I wonder if recursion is the only solution to a problem, then is iteration with stacks the only other solution? I think they're kind of equivalent: If recursion works, then iteration will work for sure, and vice versa.
Also, I'm not sure why recursion is considered inefficient and often causes stack overflows while iteration with stacks does not. Recursion just uses stacks in an automatic way invisible to the user.
Although dancancode's answer talks about different kinds of problems like primitive recursive problems, recursive problems and recursively enumerable problems, IMHO this question is more about straightforward recursion or iteration.
I wonder if recursion is the only solution to a problem, then is iteration with stacks the only other solution?
No, there are a lot of different models of computation. However, the lambda calculus (the basis of recursion) and Turing machines (the basis of iteration) are the most popular models of computation. Another popular model of computation is μ-recursion.
What is a model of computation?
For a long time mathematicians wanted to study the nature of computation. They wanted to know which problems can be computed (i.e. which problems have a solution) and which problems cannot be computed (i.e. which problems have no solution). They also wanted to know the nature of the computation (e.g. how much time does it take to compute the solution relative to its input size, etc.).
However, there was just one problem: “computation” is a very abstract term. How do you reason about something that's not concrete? That's the reason mathematicians needed a model of computation which they could reason about. A model of computation captures the “essence of computation”. That means that if there's a problem which can be computed then there must be an algorithm for computing it in every model of computation.
I think they're kind of equivalent: If recursion works, then iteration will work for sure, and vice versa.
Yes, that's correct. The Church-Turing thesis essentially states that every model of computation is equivalent in power. Hence, everything that you can do using recursion (i.e. the lambda calculus) can also be done using iteration (i.e. a Turing machine).
In fact, most computers in the world are based on the Turing machine.
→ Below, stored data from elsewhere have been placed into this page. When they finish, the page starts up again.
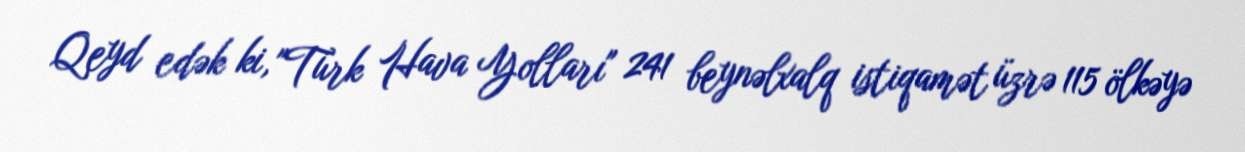
Qeyd edək ki, "Türk Hava Yolları" 241 beynəlxalq istiqamət üzrə 115 ölkəyə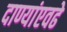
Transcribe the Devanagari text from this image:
दाण्यांएवढे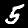
Digit: 5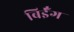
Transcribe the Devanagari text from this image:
बिईँग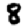
Digit: 8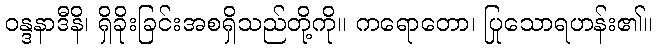
ဝန္ဒနာဒီနိ၊ ရှိခိုးခြင်းအစရှိသည်တို့ကို။ ကရောတော၊ ပြုသောရဟန်း၏။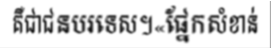
គឺជាជនបរទេស។«ផ្នែកសំខាន់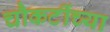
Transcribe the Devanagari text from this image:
चौकटींच्या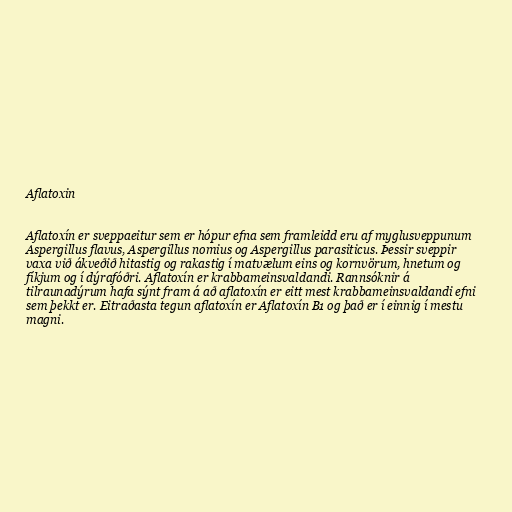
Aflatoxin

Aflatoxín er sveppaeitur sem er hópur efna sem framleidd eru af myglusveppunum
Aspergillus flavus, Aspergillus nomius og Aspergillus parasiticus. Þessir sveppir
vaxa við ákveðið hitastig og rakastig í matvælum eins og kornvörum, hnetum og
fíkjum og í dýrafóðri. Aflatoxín er krabbameinsvaldandi. Rannsóknir á
tilraunadýrum hafa sýnt fram á að aflatoxín er eitt mest krabbameinsvaldandi efni
sem þekkt er. Eitraðasta tegun aflatoxín er Aflatoxín B1 og það er í einnig í mestu
magni.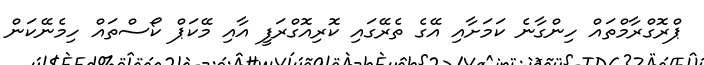
ޕްރޮގްރާމްތައް ހިންގާނެ ކަމަށާއި އޭގެ ތެރޭގައި ކޮރިއޮގްރަފީ އާއި މޭކަޕް ކޯސްތައް ހިމެނޭކަން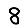
Digit: 8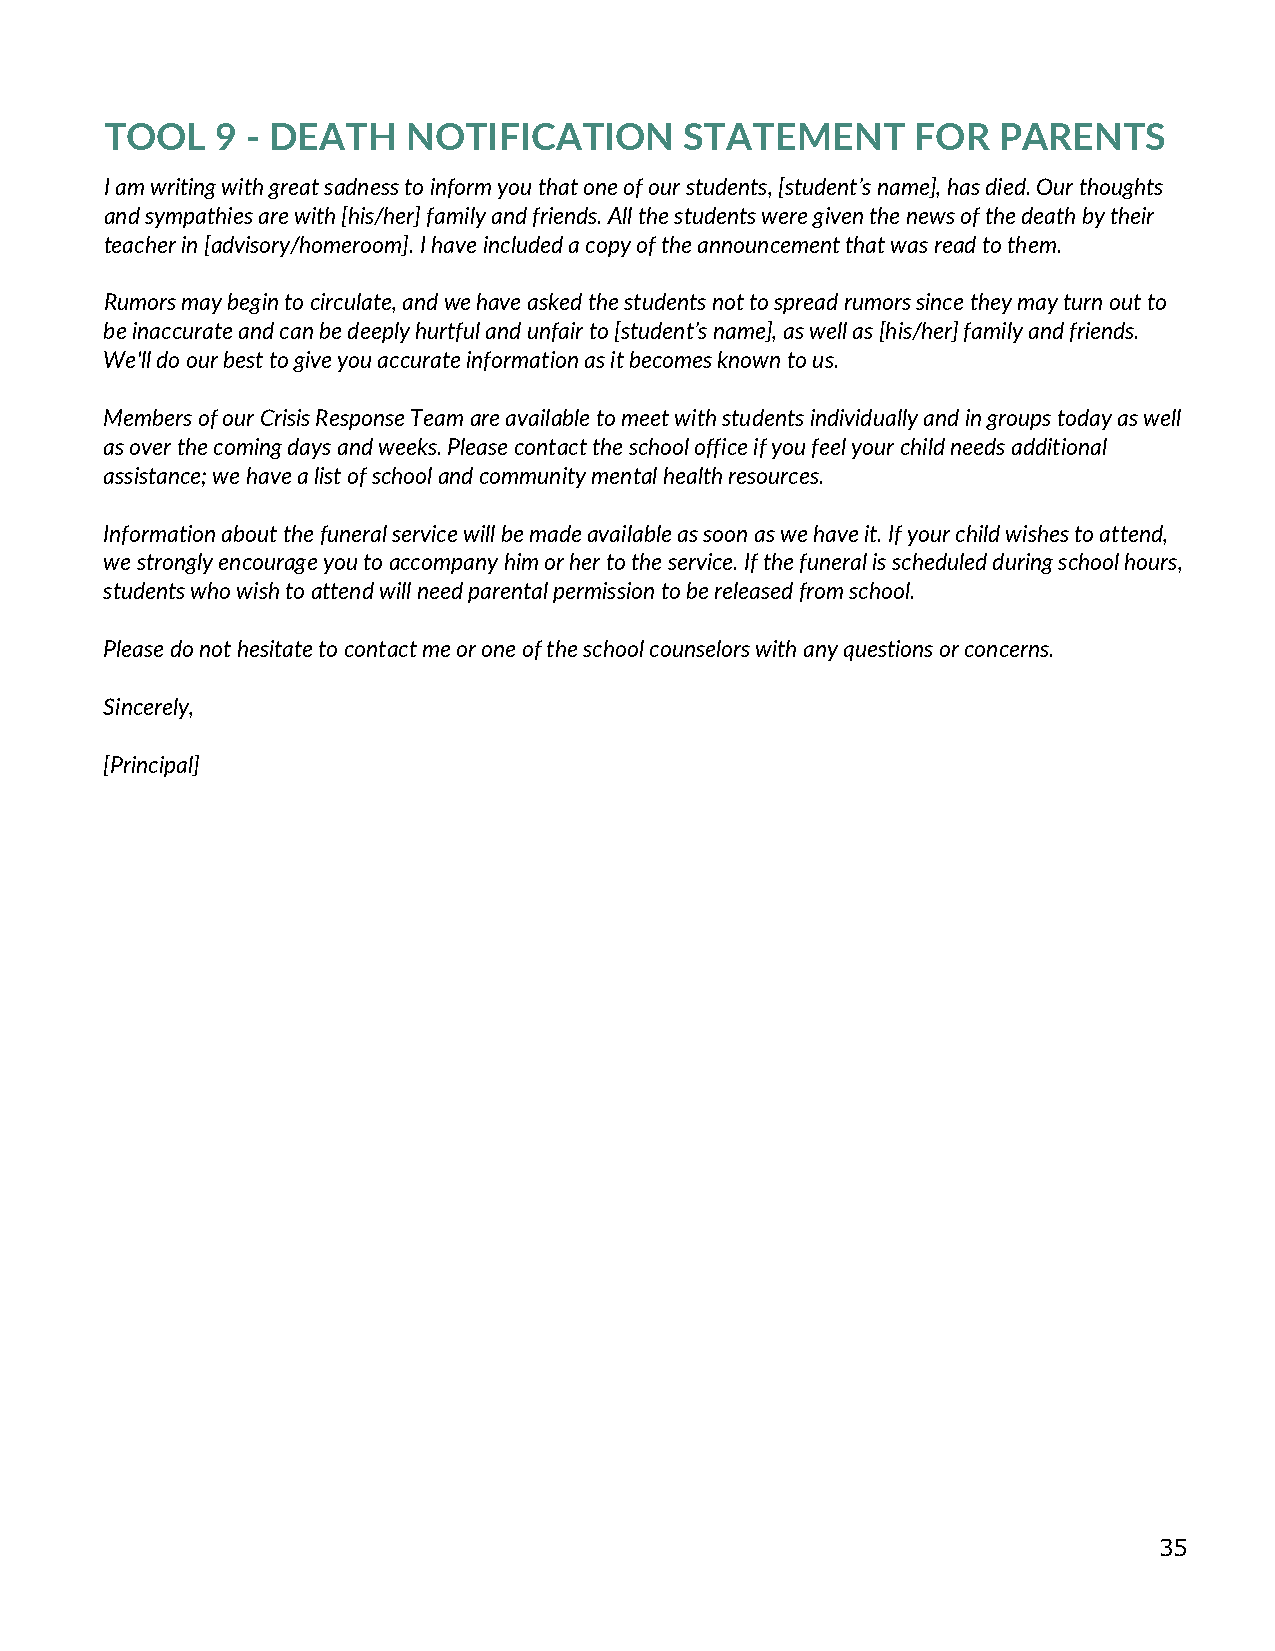
TOOL   9 - DEATH    NOTIFICATION      STATEMENT       FOR  PARENTS
 I am writing with great sadness to inform you that one of our students, [student’s name], has died. Our thoughts
 and sympathies are with [his/her] family and friends. All the students were given the news of the death by their
 teacher in [advisory/homeroom]. I have included a copy of the announcement that was read to them.
 Rumors may begin to circulate, and we have asked the students not to spread rumors since they may turn out to
 be inaccurate and can be deeply hurtful and unfair to [student’s name], as well as [his/her] family and friends.
 We'll do our best to give you accurate information as it becomes known to us.
 Members of our Crisis Response Team are available to meet with students individually and in groups today as well
 as over the coming days and weeks. Please contact the school office if you feel your child needs additional
 assistance; we have a list of school and community mental health resources.
 Information about the funeral service will be made available as soon as we have it. If your child wishes to attend,
 we strongly encourage you to accompany him or her to the service. If the funeral is scheduled during school hours,
 students who wish to attend will need parental permission to be released from school.
 Please do not hesitate to contact me or one of the school counselors with any questions or concerns.
 Sincerely,
 [Principal]
 35

Hence, every computer uses iteration only. Nevertheless, your computer can still execute recursive programs. This is because a compiler translates your recursive program into iterative machine code.
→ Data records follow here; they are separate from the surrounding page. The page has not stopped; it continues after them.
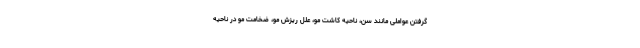
گرفتن عواملی مانند سن، ناحیه کاشت مو، علل ریزش مو، ضخامت مو در ناحیه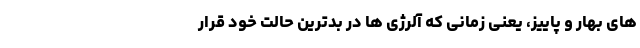
های بهار و پاییز، یعنی زمانی که آلرژی ها در بدترین حالت خود قرار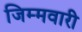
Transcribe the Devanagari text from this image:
जिम्मवारी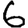
Digit: 6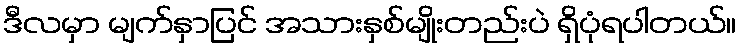
ဒီလမှာ မျက်နှာပြင် အသားနှစ်မျိုးတည်းပဲ ရှိပုံရပါတယ်။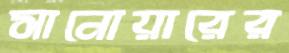
সানোয়ারের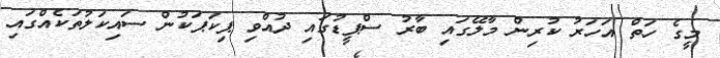
މީގެ ހަތް އަހަރު ކުރިން މާލޭގައި ބާރު ސްޕީޑުގައި ދުއްވި ޕިކަޕަކުން ސައިކަލުތަކެއްގައި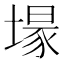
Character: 𮰬

Also, I'm not sure why recursion is considered inefficient and often causes stack overflows while iteration with stacks does not. Recursion just uses stacks in an automatic way invisible to the user.
This is because of the way operating systems handle processes. Most operating systems impose a maximum limit on the size of a stack. On my Linux OS the maximum stack size is 8192 KB which is not a lot. Use ulimit -s
to find your default stack size on a POSIX compliant OS. This is the reason why using too much recursion causes a stack overflow.
On the other hand, the size of the heap can be dynamically increased while the process is executing (as long as free space is available). Hence, you don't have to worry about running out of memory when using iteration (even when using an explicit stack).
Furthermore, recursion is generally slower than iteration because calling a function requires a context switch while in iteration you only need to modify the instruction pointer (i.e. jump, possibly conditional).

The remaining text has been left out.